UPC’s closing price on February 22, 2001, and representing an issuance of

125 million common shares. Subject to appropriate regulatory approvals, the

rights will be distributed after publication of UPC’s results for the fiscal

year ended December 31, 2000. These results are scheduled to be released on

April 2, 2001. United also has agreed that any amount of the 1.0 billion

euros which it is not required to contribute due to the participation of other

shareholders in the rights offering will be used to purchase additional

ordinary shares from UPC at 11.40 euros (US$10.36) per ordinary share, which

is the average closing price of UPC on the Amsterdam Exchange over the five

trading days ended February 21, 2001.

The investment by United into UPC represents an amendment to the

June 25, 2000 agreement whereby United was to transfer the 724 million

shares of Telewest to UPC in exchange for 128.2 million UPC shares,

representing an issue price for UPC of approximately 10.82 euros

(US$9.83) per ordinary share based upon the value of the Telewest stock

as of February 22, 2001.

As previously announced, the parties plan to close on the acquisition of

Liberty’s Latin American and other assets (excluding Liberty’s Puerto Rican

cable operations which will not be transferred) as soon as practicable after

receiving consents and approvals, currently expected to occur in the second

quarter of 2001.

Key terms of the Preferred Stock issued to Liberty include the following:

$1.4 billion proceeds and face amount.

0% dividend, participates in common dividends on an as converted basis, perpetual maturity and nominal liquidation preference.

Convertible into 54,111,957 shares of United’s Class A Common Stock

or, subject to certain conditions, Class B Common Stock at the option

of the holders, and, upon the occurrence of certain future events,

would be automatically converted into an identical number of shares of

United’s Class B Common Stock.

Effective issue price of $25.87 per common share.

Ranks junior to United’s existing convertible preferred shares.
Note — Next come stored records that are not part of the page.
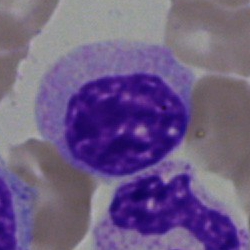

Bone marrow smear showing a myelocyte.
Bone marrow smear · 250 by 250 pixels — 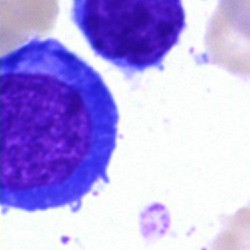

Showing a nucleated red blood cell.
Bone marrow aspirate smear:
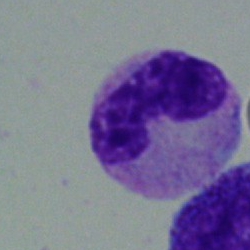
A band-form neutrophil.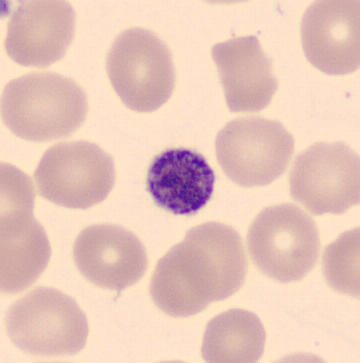
Peripheral blood film · imaged on a CellaVision DM96 analyser.
Cell type = platelet (thrombocyte).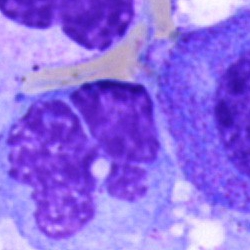

Bone marrow aspirate smear, single cell — cell of indeterminate lineage.
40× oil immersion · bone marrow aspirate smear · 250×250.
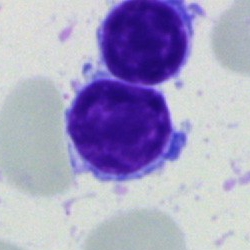Morphology consistent with a lymphocyte.
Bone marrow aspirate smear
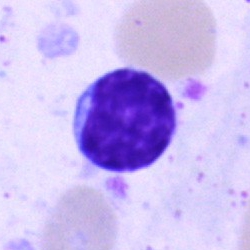

Q: Identify the cell.
A: This is a lymphocyte.
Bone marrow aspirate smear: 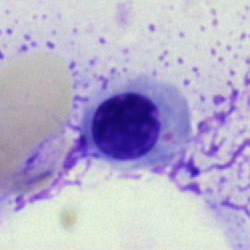
An erythroblast.
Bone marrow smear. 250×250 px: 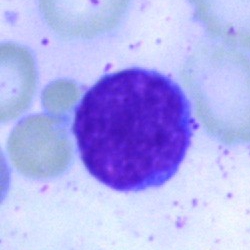 Showing a lymphocyte.
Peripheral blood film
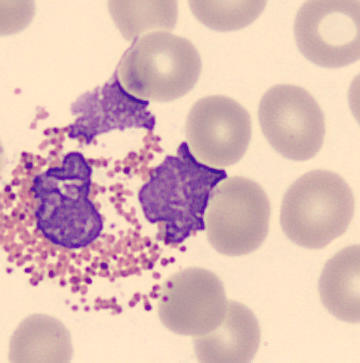The morphological class is eosinophilic granulocyte.
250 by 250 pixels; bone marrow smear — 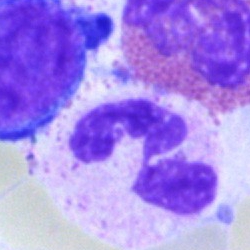
Polymorphonuclear neutrophil.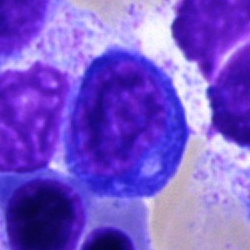
Q: Which cell type is shown here?
A: A normoblast.
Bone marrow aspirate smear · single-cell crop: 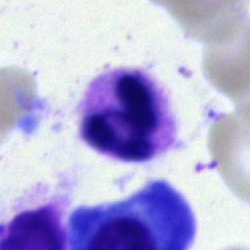
Morphology consistent with a polymorphonuclear neutrophil.
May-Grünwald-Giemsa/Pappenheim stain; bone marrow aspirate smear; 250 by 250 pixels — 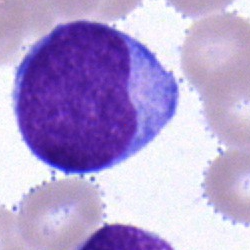 This is an undifferentiated blast.
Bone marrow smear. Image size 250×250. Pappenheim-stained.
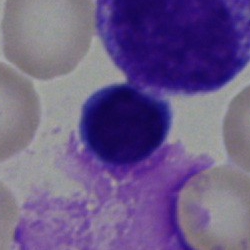
Cell type — typical lymphocyte.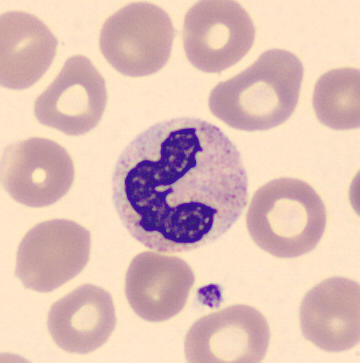
Preparation: 360×363 · peripheral blood film. Cell = neutrophil (segmented).
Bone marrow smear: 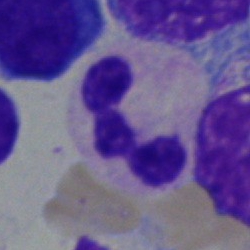 This is a polymorphonuclear neutrophil.
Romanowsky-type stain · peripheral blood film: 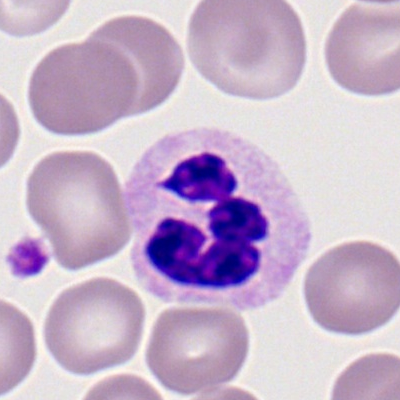

Polymorphonuclear neutrophil.
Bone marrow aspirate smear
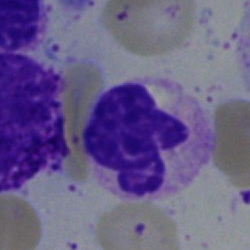This is a segmented neutrophil.
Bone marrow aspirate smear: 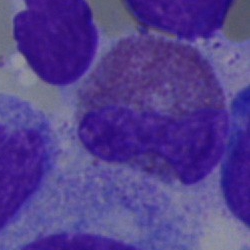 {"cell_type": "eosinophil", "lineage": "myeloid"}
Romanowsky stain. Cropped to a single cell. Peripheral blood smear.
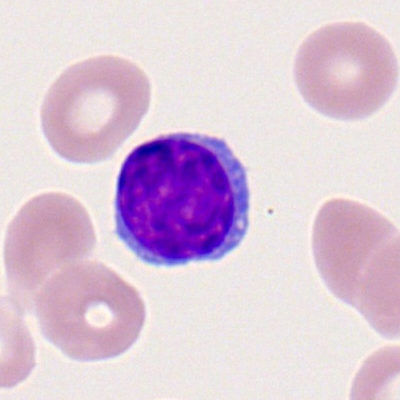
Morphological class: typical lymphocyte.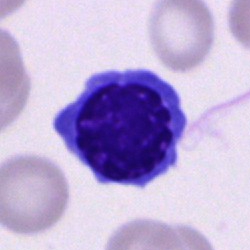

Morphology consistent with a normoblast.
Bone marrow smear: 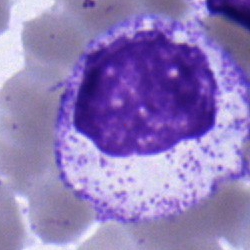 Classification — myelocyte.
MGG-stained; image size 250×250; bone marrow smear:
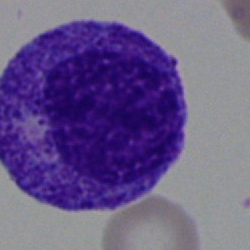

Morphology consistent with a promyelocyte.
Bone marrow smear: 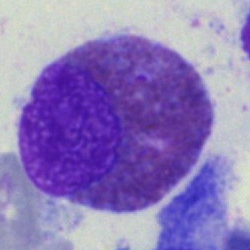 Morphology → segmented neutrophil.
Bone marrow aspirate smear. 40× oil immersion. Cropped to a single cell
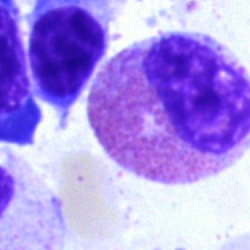

Cell: eosinophil.
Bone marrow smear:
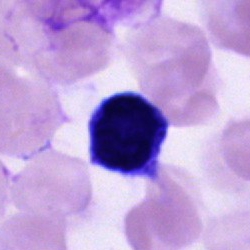 Specimen: bone marrow aspirate smear.
Morphological class: unidentifiable cell.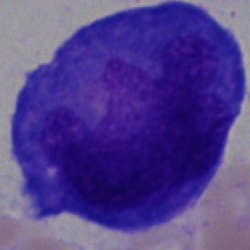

Votes on an as converted basis.

When the $1.0 billion of Preferred Stock is converted to class B common of

United and is combined with Liberty’s existing holdings, Liberty will have a

30% economic and 71% voting interest in United, on a fully-diluted basis. As

agreed upon in the June 25, 2000 agreement, Liberty will be bound by voting

and standstill agreements with United and its controlling stockholders, and

will appoint 4 of 12 directors. Upon completion of the Latin American

transaction and the issuance of the remaining Preferred Stock, and assuming

conversion of the Preferred Stock into class B common of United, Liberty will

have a 43% economic and 81% voting stake in United.